AFAICS gstring header is correct here.

> Btw, does the problem go away if you disable cache-long-scans?

No.

Dmitry






^ permalink raw reply	[flat|nested] 14+ messages in thread

* bug#16457: 24.3.50; crash rendering Arabic Uthmani script
  2014-01-17  7:34         ` Dmitry Antipov
@ 2014-01-17  9:10           ` Eli Zaretskii
  2014-01-17 11:16             ` Dmitry Antipov
  0 siblings, 1 reply; 14+ messages in thread
From: Eli Zaretskii @ 2014-01-17  9:10 UTC (permalink / raw)
  To: Dmitry Antipov; +Cc: 16457

> Date: Fri, 17 Jan 2014 11:34:11 +0400
> From: Dmitry Antipov <dmantipov@yandex.ru>
> CC: 16457@debbugs.gnu.org
> 
> On 01/16/2014 09:33 PM, Eli Zaretskii wrote:
> 
> > This is really strange.  First, I cannot reproduce the crash on
> > MS-Windows, so the problem might be related to the shaping engine
> > being used (I presume yours is libotf and libm17n).  (I tried on both
> > Windows XP and on Windows 7, which have very different versions of
> > Uniscribe, and they both work fine.)
> 
> Yes, with ' --without-m17n-flt' it doesn't crash.

Can you show the same results of debugging printouts in a
"--without-m17n-flt" build?

> ;; BAD
> composition_update_it: from 7, nchars 2, header 0x100c958 is:
> [#<font-object "-unknown-PakType Naqsh-normal-normal-normal-*-13-*-*-*-*-0-iso10646-1"> 1648 1583 1616 1593 1615 1608 1606 1614]
>   at 8: char 2, 1 bytes
>   at 7: char 1614, 2 bytes
> 
> IIUC 2 is the garbage at (presumably invalid) position 8.

What I see on my system that the CHARACTERs part of the header is 12
characters long:

 1610 1615 1582 1614 1648 1583 1616 1593 1615 1608 1606 1614

and the value of cmp_it->from + i never goes beyond 11, which is OK.

Also, note that the indices into the header seem to be off-by-one in
your case: the characters to compose for buffer position 11 are 1606
and 1614, whereas in your case 1606 is used for the previous buffer
position.  Also, the index 1 is nowhere to be seen.

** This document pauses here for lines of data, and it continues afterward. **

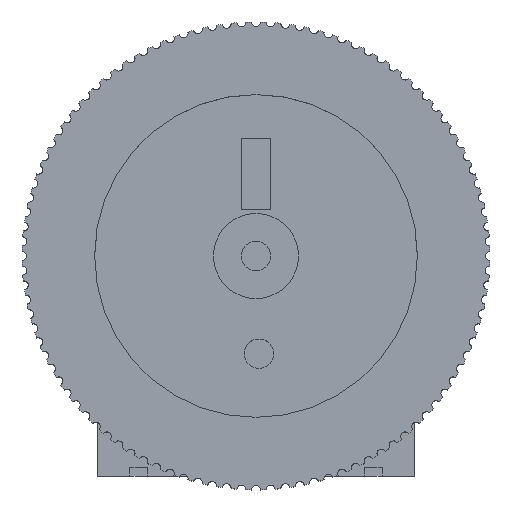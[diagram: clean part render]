
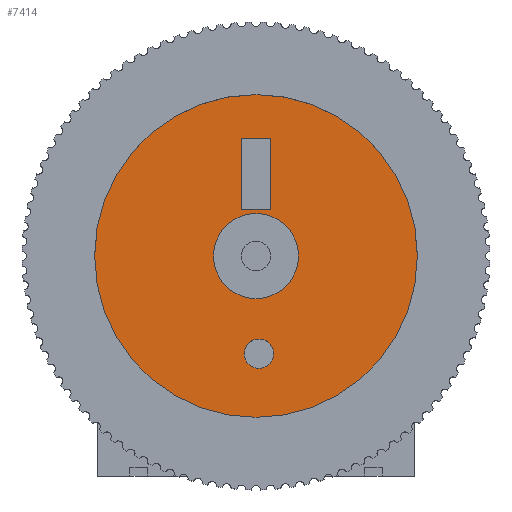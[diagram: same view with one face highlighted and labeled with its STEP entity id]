
A CAD part, top view. The second image highlights one B-rep face of the part: STEP entity #7414.
In plain terms, the highlighted planar face has unit normal (0, 0, 1).
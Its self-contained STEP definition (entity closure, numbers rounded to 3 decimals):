
#284=FACE_BOUND('',#876,.T.);
#285=FACE_BOUND('',#877,.T.);
#286=FACE_BOUND('',#878,.T.);
#319=PLANE('',#7887);
#449=FACE_OUTER_BOUND('',#875,.T.);
#875=EDGE_LOOP('',(#4877));
#876=EDGE_LOOP('',(#4878));
#877=EDGE_LOOP('',(#4879));
#878=EDGE_LOOP('',(#4880,#4881,#4882,#4883));
#1327=LINE('',#10866,#1897);
#1330=LINE('',#10872,#1900);
#1333=LINE('',#10878,#1903);
#1336=LINE('',#10882,#1906);
#1897=VECTOR('',#8693,10.);
#1900=VECTOR('',#8698,10.);
#1903=VECTOR('',#8703,10.);
#1906=VECTOR('',#8708,10.);
#2464=CIRCLE('',#7877,0.5);
#2466=CIRCLE('',#7885,1.45);
#2468=CIRCLE('',#7888,5.5);
#2910=VERTEX_POINT('',#10853);
#2914=VERTEX_POINT('',#10863);
#2915=VERTEX_POINT('',#10865);
#2917=VERTEX_POINT('',#10871);
#2919=VERTEX_POINT('',#10877);
#2920=VERTEX_POINT('',#10884);
#2922=VERTEX_POINT('',#10890);
#3686=EDGE_CURVE('',#2910,#2910,#2464,.T.);
#3691=EDGE_CURVE('',#2915,#2914,#1327,.T.);
#3694=EDGE_CURVE('',#2917,#2915,#1330,.T.);
#3697=EDGE_CURVE('',#2919,#2917,#1333,.T.);
#3700=EDGE_CURVE('',#2914,#2919,#1336,.T.);
#3701=EDGE_CURVE('',#2920,#2920,#2466,.T.);
#3704=EDGE_CURVE('',#2922,#2922,#2468,.T.);
#4877=ORIENTED_EDGE('',*,*,#3704,.F.);
#4878=ORIENTED_EDGE('',*,*,#3686,.T.);
#4879=ORIENTED_EDGE('',*,*,#3701,.T.);
#4880=ORIENTED_EDGE('',*,*,#3700,.T.);
#4881=ORIENTED_EDGE('',*,*,#3697,.T.);
#4882=ORIENTED_EDGE('',*,*,#3694,.T.);
#4883=ORIENTED_EDGE('',*,*,#3691,.T.);
#7414=ADVANCED_FACE('',(#449,#284,#285,#286),#319,.T.);
#7877=AXIS2_PLACEMENT_3D('',#10854,#8682,#8683);
#7885=AXIS2_PLACEMENT_3D('',#10885,#8711,#8712);
#7887=AXIS2_PLACEMENT_3D('',#10889,#8716,#8717);
#7888=AXIS2_PLACEMENT_3D('',#10891,#8718,#8719);
#8682=DIRECTION('center_axis',(0.,0.,-1.));
#8683=DIRECTION('ref_axis',(1.,0.,0.));
#8693=DIRECTION('',(0.,-1.,0.));
#8698=DIRECTION('',(1.,0.,0.));
#8703=DIRECTION('',(0.,1.,0.));
#8708=DIRECTION('',(-1.,0.,0.));
#8711=DIRECTION('center_axis',(0.,0.,-1.));
#8712=DIRECTION('ref_axis',(1.,0.,0.));
#8716=DIRECTION('center_axis',(0.,0.,1.));
#8717=DIRECTION('ref_axis',(1.,0.,0.));
#8718=DIRECTION('center_axis',(0.,0.,-1.));
#8719=DIRECTION('ref_axis',(1.,0.,0.));
#10853=CARTESIAN_POINT('',(-0.399,-3.329,0.7));
#10854=CARTESIAN_POINT('Origin',(0.101,-3.329,0.7));
#10863=CARTESIAN_POINT('',(0.5,1.6,0.7));
#10865=CARTESIAN_POINT('',(0.5,4.,0.7));
#10866=CARTESIAN_POINT('',(0.5,4.,0.7));
#10871=CARTESIAN_POINT('',(-0.5,4.,0.7));
#10872=CARTESIAN_POINT('',(-0.5,4.,0.7));
#10877=CARTESIAN_POINT('',(-0.5,1.6,0.7));
#10878=CARTESIAN_POINT('',(-0.5,1.6,0.7));
#10882=CARTESIAN_POINT('',(0.5,1.6,0.7));
#10884=CARTESIAN_POINT('',(-1.45,0.,0.7));
#10885=CARTESIAN_POINT('Origin',(0.,0.,0.7));
#10889=CARTESIAN_POINT('Origin',(0.,0.,0.7));
#10890=CARTESIAN_POINT('',(-5.5,0.,0.7));
#10891=CARTESIAN_POINT('Origin',(0.,0.,0.7));

So what does that mean? that cmp_it->nchars here

      cmp_it->nchars = LGLYPH_TO (glyph) + 1 - from;

is incorrect in your case?  Or that the gstring header becomes
corrupted somehow?

> > And the characters in the LGSTRING object are simply copied from the
> > buffer in fill_gstring_header, when LGSTRING is created:
> >
> >    for (i = 0; i < len; i++)
> >      {
> >        int c;
> >
> >        if (NILP (string))
> > 	FETCH_CHAR_ADVANCE_NO_CHECK (c, from, from_byte);
> >        else
> > 	FETCH_STRING_CHAR_ADVANCE_NO_CHECK (c, string, from, from_byte);
> >        ASET (header, i + 1, make_number (c));
> >      }
> 
> AFAICS gstring header is correct here.

Can you show the gstring header at that point in the build that
crashes?

Also, if you manually move point to buffer position 11, what column
number do you see there?





^ permalink raw reply	[flat|nested] 14+ messages in thread

* bug#16457: 24.3.50; crash rendering Arabic Uthmani script
  2014-01-17  9:10           ` Eli Zaretskii
@ 2014-01-17 11:16             ` Dmitry Antipov
  2014-01-17 12:03               ` Eli Zaretskii
  0 siblings, 1 reply; 14+ messages in thread
From: Dmitry Antipov @ 2014-01-17 11:16 UTC (permalink / raw)
  To: Eli Zaretskii; +Cc: 16457

[-- Attachment #1: Type: text/plain, Size: 2822 bytes --]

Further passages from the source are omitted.